Lodging in private room with private bathroom
Luggage transfer between stages
Half board: breakfast and dinner
Travel insurance
Walking notes
Pilgrim passport
24/7 telephone assistance

Astorga to Santiago de Compostela

Astorga is one of the most important cities on the French Way and a popular starting point.

The distance of this route is approximately 254 km. The standard itinerary is 11 stages to be completed in 12 days. However, if you are worried about the stages being too long or if you prefer a more relaxed pace, remember that our itineraries are totally flexible, so we can split them in two or add extra nights for you to rest.

Stage 1: Astorga - Rabanal del Camino (19 km)

The French Route enters the region of La Maragatería and crosses lands of unique architecture and gastronomy. On this route you can take a detour to visit Castrillo de los Polvazares, a village of Maragatería architecture declared a Historic-Artistic Site. After crossing the old municipality of Santa Catalina de Somoza we arrive at Rabanal del Camino. Here you can visit the church of La Asunción and the house of the Cuatro Esquinas, where Philip II is said to have spent the night during his pilgrimage to Santiago in the 16th century.

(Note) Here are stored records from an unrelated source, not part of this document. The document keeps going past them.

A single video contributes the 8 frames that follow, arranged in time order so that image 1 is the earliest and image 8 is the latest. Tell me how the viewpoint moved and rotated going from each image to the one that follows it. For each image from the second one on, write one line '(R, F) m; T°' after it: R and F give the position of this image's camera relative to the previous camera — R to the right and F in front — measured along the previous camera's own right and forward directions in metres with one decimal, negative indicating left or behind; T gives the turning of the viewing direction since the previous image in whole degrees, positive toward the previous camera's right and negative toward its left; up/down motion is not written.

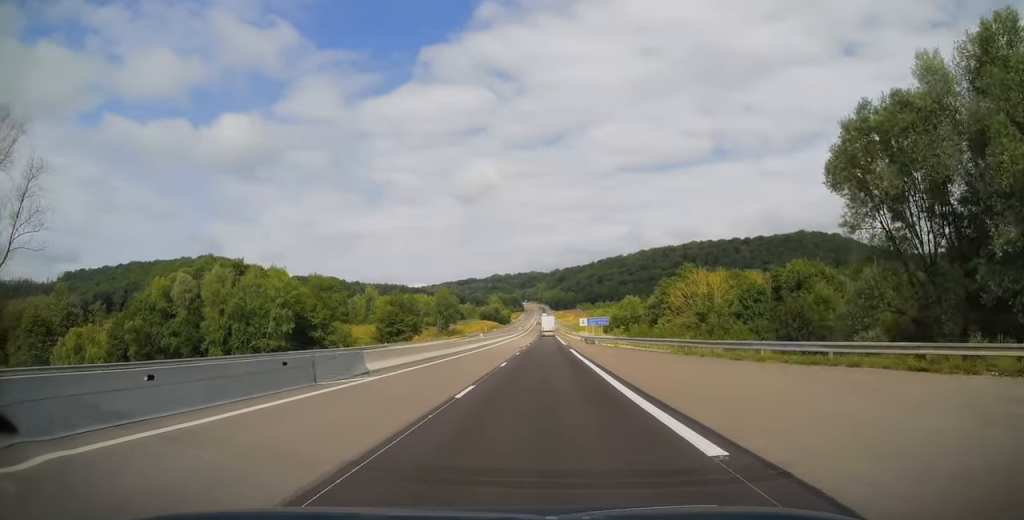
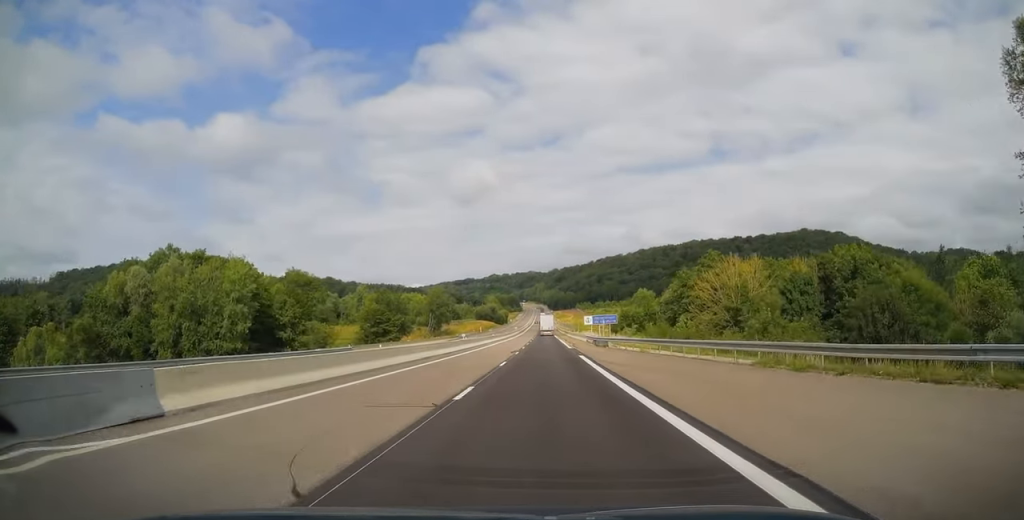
(0.0, +12.7) m; 0°
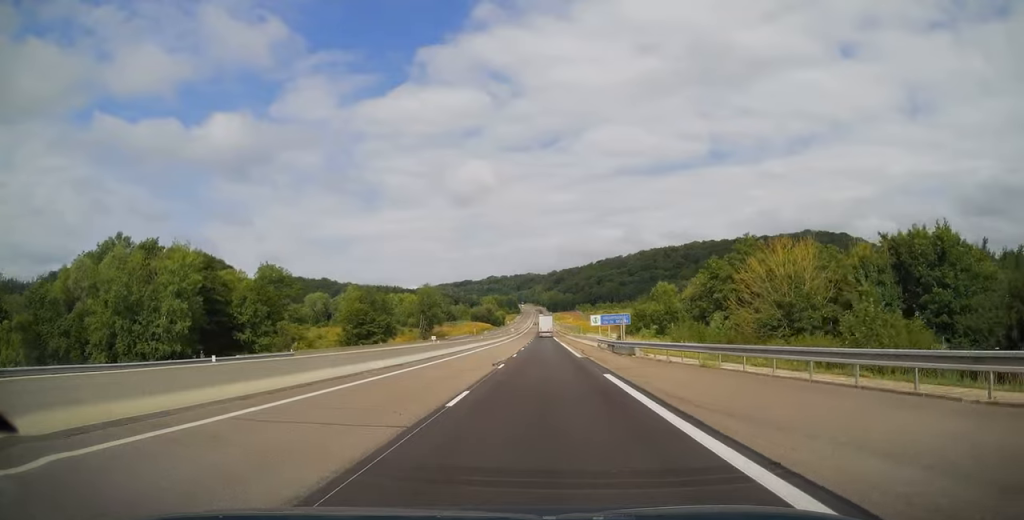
(0.0, +13.1) m; 0°
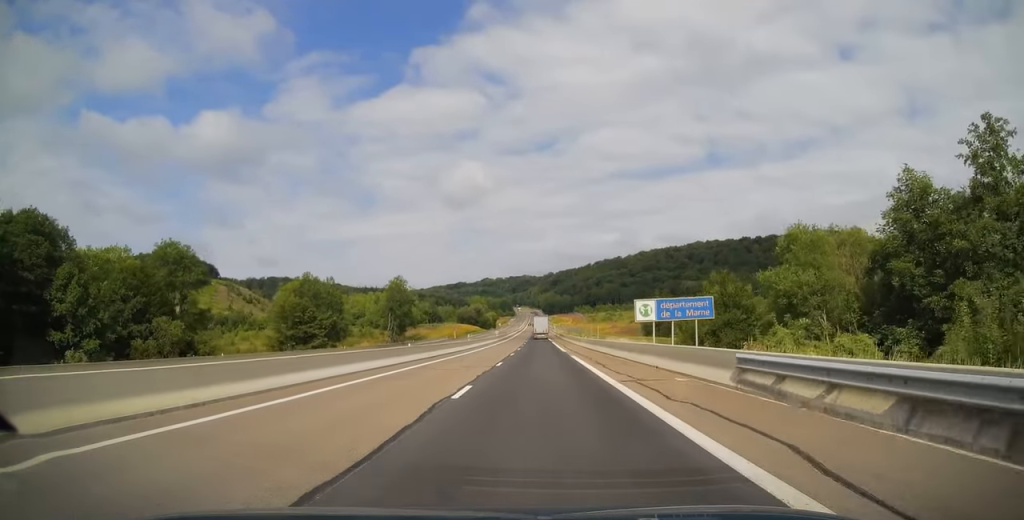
(+0.1, +34.4) m; 0°
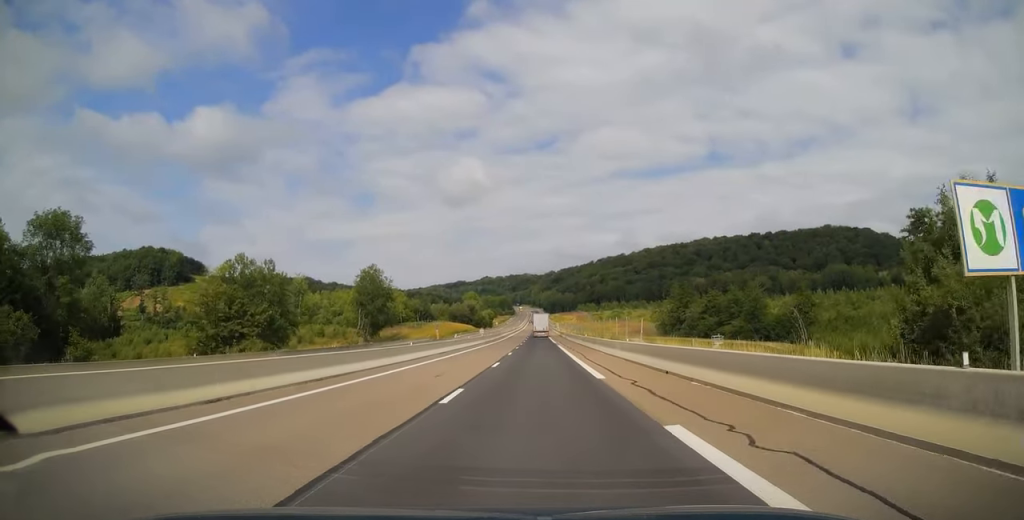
(0.0, +26.1) m; -1°
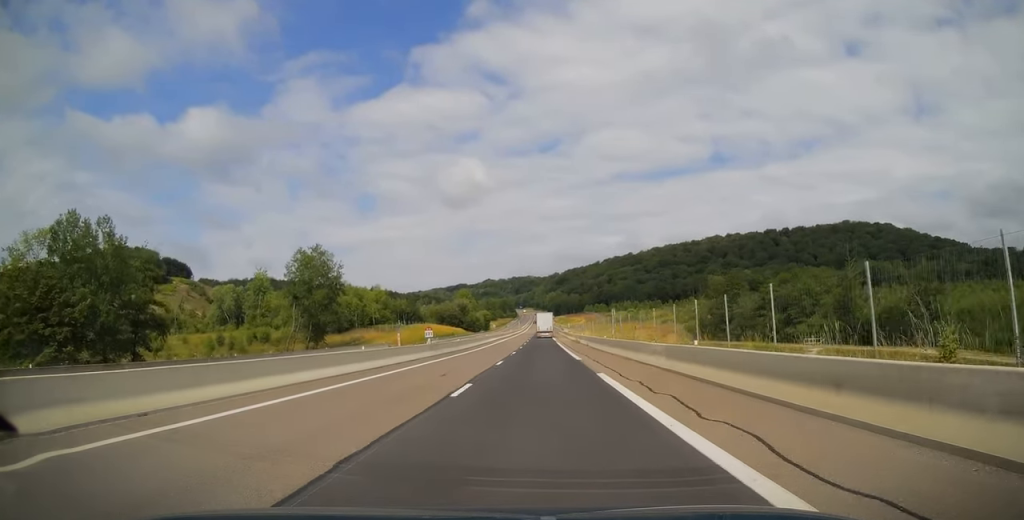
(-0.3, +36.6) m; 0°
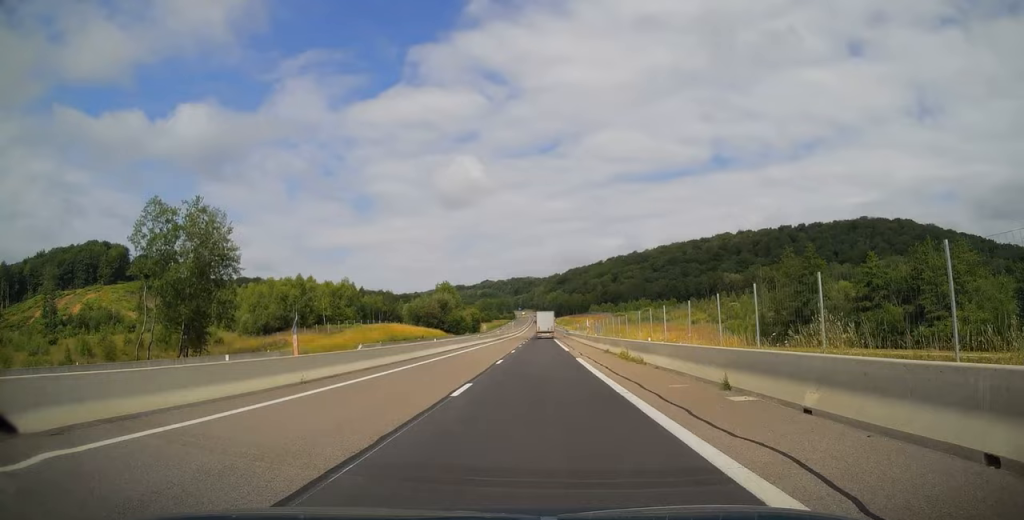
(+0.1, +37.7) m; 0°
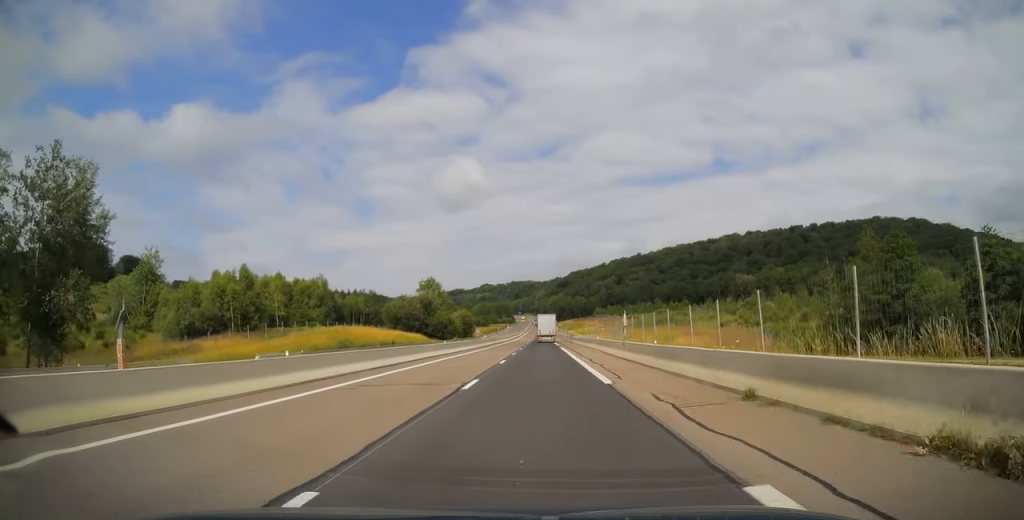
(+0.1, +23.5) m; 0°

Stage 2: Rabanal del Camino - Ponferrada (32 km)

From Rabanal del Camino, the ascent to the mountains of León begins, which will involve a significant climb to an altitude of more than 1,400 m, where the Cruz de Ferro is located. This stage is harder than the previous ones, because although the kilometres close to Ponferrada are on flat terrain, the slopes after the descent from the Cruz de Ferro are significant. The end of the route takes us to Ponferrada, which has been closely linked to the Pilgrims’ Route to Santiago de Compostela since the 11th century. It has a great cultural and religious heritage where the imposing Castle of the Templars and the baroque church of San Andrés are a must-see.

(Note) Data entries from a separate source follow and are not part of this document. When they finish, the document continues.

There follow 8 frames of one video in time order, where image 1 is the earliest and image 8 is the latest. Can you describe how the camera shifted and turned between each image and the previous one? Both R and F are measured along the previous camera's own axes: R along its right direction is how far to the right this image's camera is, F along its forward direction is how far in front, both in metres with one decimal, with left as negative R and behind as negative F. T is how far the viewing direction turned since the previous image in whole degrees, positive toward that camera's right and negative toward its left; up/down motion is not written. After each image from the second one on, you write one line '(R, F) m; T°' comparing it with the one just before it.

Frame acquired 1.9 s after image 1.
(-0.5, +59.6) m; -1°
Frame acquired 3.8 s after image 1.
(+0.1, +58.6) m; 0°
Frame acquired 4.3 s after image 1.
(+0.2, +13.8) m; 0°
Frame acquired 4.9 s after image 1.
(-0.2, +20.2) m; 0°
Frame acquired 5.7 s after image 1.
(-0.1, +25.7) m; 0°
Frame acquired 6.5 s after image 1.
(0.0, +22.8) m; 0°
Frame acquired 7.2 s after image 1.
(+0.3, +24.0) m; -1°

Stage 3: Ponferrada - Villafranca del Bierzo (23 km)

Leaving the urban layout of Ponferrada behind, the Bierzo region offers a change of scenery where orchards and aromatic vineyards will be the protagonists of this stage. We arrive at Villafranca del Bierzo, a charming medieval village, dominated by a feudal fortress. Its old quarter has been declared an Asset of Cultural Interest and its Jacobean character has turned it into an important tourist centre.

Stage 4: Villafranca del Bierzo - O Cebreiro (28 km)

This route is more demanding, as it enters a mountain pass with a steep slope, the hardest ascent being the stretch between Hospital and La Faba. The municipality that ends this stage is O Cebreiro, the first stop on the French Route in Galicia and located in the region of Os Ancares Lucenses, a beautiful natural area that has been declared a Biosphere Reserve. Here you can discover the legend of the miracle of O Cebreiro and the statue of the pilgrim woman at the viewpoint of the village.

Stage 5: O Cebreiro - Triacastela (21 km)

The route between O Cebreiro and Triacastela continues with constant ups and downs, so we recommend taking it easy and enjoying the scenery during the walk. The end of the stage, Triacastela, is the first Galician village on the Camino and has an archaeological heritage of great interest, as there were three important castles, hence the name Triacastela.

Stage 6: Triacastela - Sarria (18 km)

From Triacastela to Sarria, we will enjoy a pleasant walk through rural areas, small forests and valleys. Sarria is the starting point of the French Way for many pilgrims, as the last 100 km is the minimum required to obtain the Compostela.

Stage 7: Sarria - Portomarín (22 km)

In this section you will find some sections with frequent slopes but they will not be a difficulty on your way. During the route, you will be able to enjoy the most rural Galicia through its beautiful forests of carballeiras. Various Romanesque remains, rustic footbridges and medieval bridges are some of the other charms of this stage.

Stage 8: Portomarín - Palas de Rei (25 km)

Its layout is characterised by paths parallel to the road and asphalted tracks for pilgrims. Along the route, we will come across small villages and places of great interest such as the Os Lameiros crossroads or the Castromaior archaeological sites.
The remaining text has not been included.